- DIRECTIONS FOR THIS TASK:
Your reply should hold only the lines from the records below where "image" occurs.
- - -
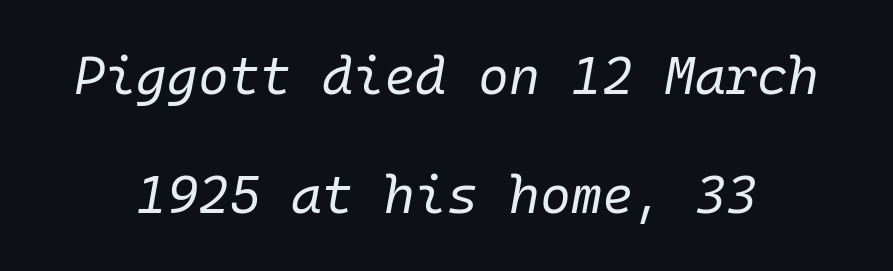
Has an underline been added? It has not. No letter is thick-stroked: the sample isn't bold. The passage shown stacks its lines with a broad gap. These lines are rendered in a fixed-pitch font.
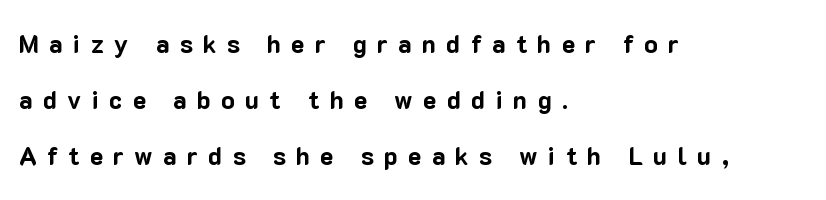
As a designer I'd log this as weight 700, bold. The font's upright variant was chosen for this text. No word sits above an underline. Where is the straight margin? On the left.
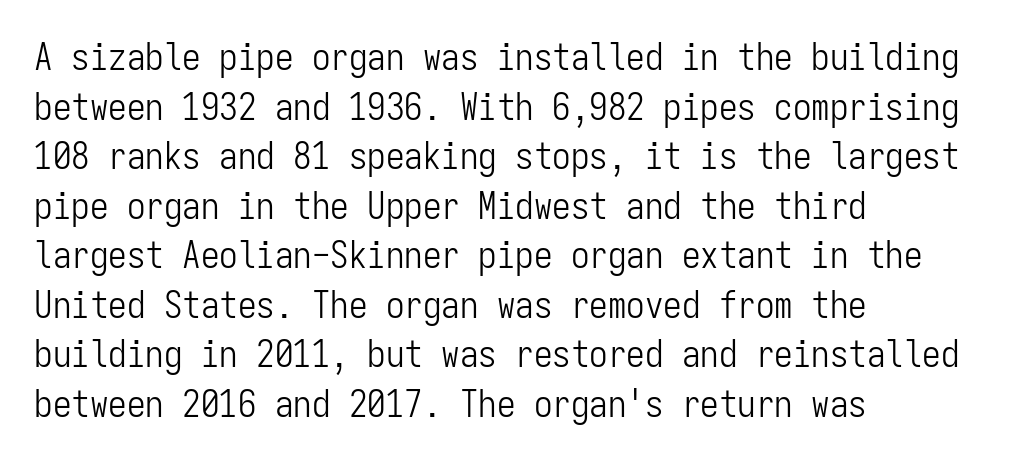
The strokes are not fattened; the text isn't bold. Does the copy run flush right? No — it runs flush left. Students, observe: this is what conventionally led text looks like. Rule under the text: the space is simply empty. The rendering uses typewriter-style spacing with identical character cells. The letterforms sit shoulder to shoulder at normal distance.
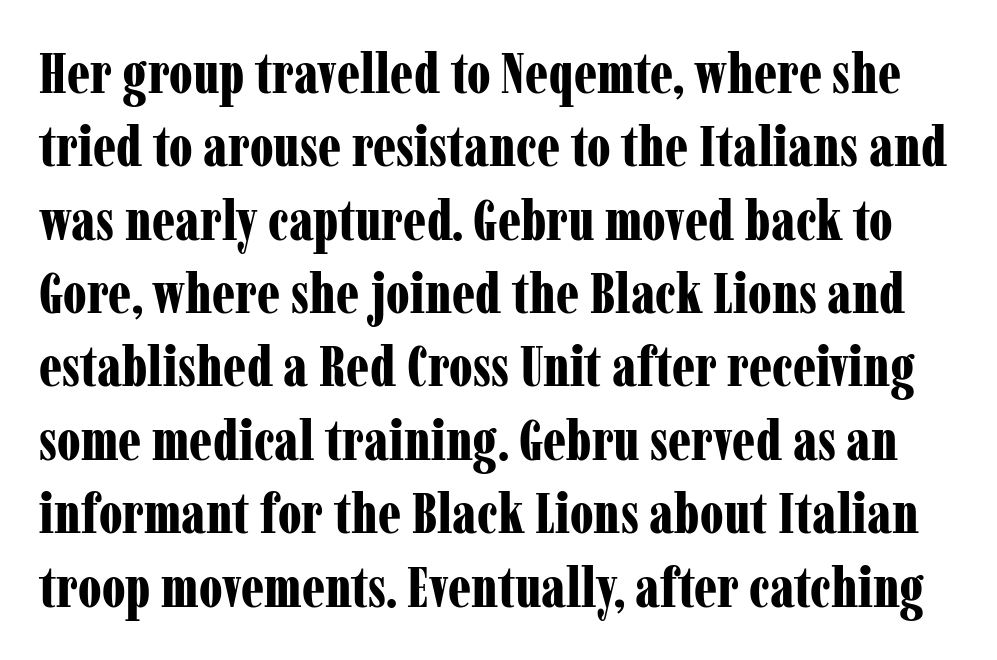
The image shows 56 px bold, condensed serif type, upright; set normal line spacing (1.31x), normal letter spacing, not underlined; low stroke contrast and a medium x-height.
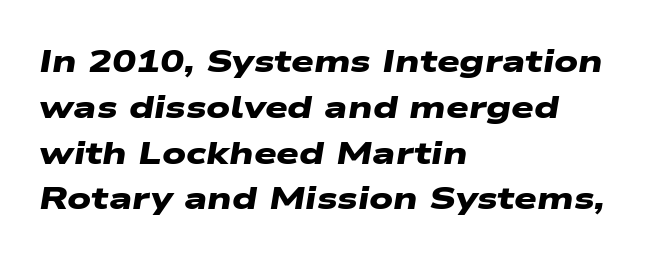
The image shows 32 px heavy, wide sans-serif type; set left-aligned, normal line spacing (1.43x), normal letter spacing, not underlined; low stroke contrast and a medium x-height.
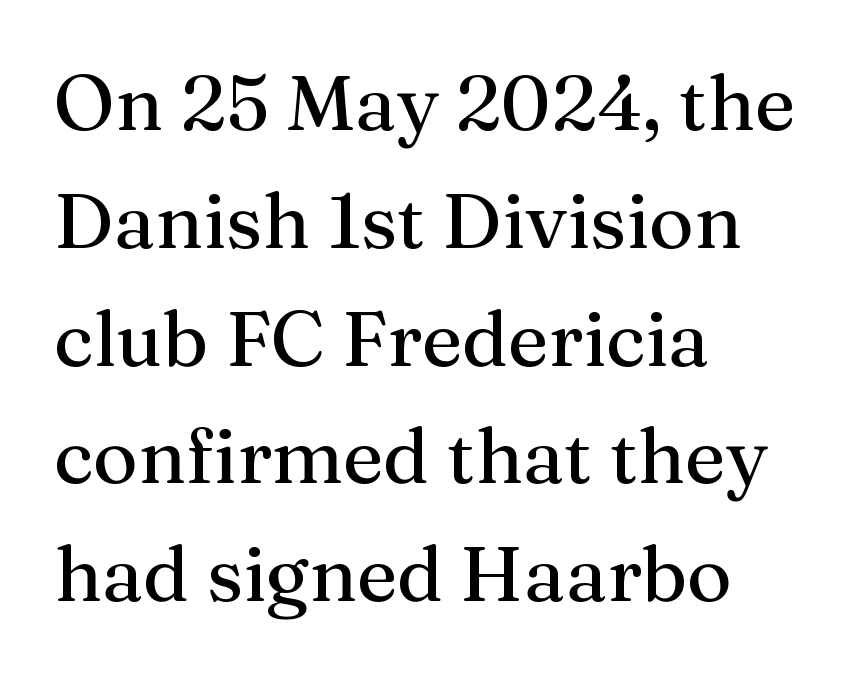
{"serif": "yes", "italic": "no", "width": "normal", "stroke_contrast": "medium", "x_height": "medium", "monospaced": "no", "underline": "no", "align": "left", "line_spacing": "normal", "line_spacing_ratio": 1.53, "letter_spacing": "normal", "letter_spacing_em": 0.0, "glyph_px": 77}
- - -
- TASK OUTPUT:
The image shows 56 px bold, condensed serif type, upright; set normal line spacing (1.31x), normal letter spacing, not underlined; low stroke contrast and a medium x-height.
The image shows 32 px heavy, wide sans-serif type; set left-aligned, normal line spacing (1.43x), normal letter spacing, not underlined; low stroke contrast and a medium x-height.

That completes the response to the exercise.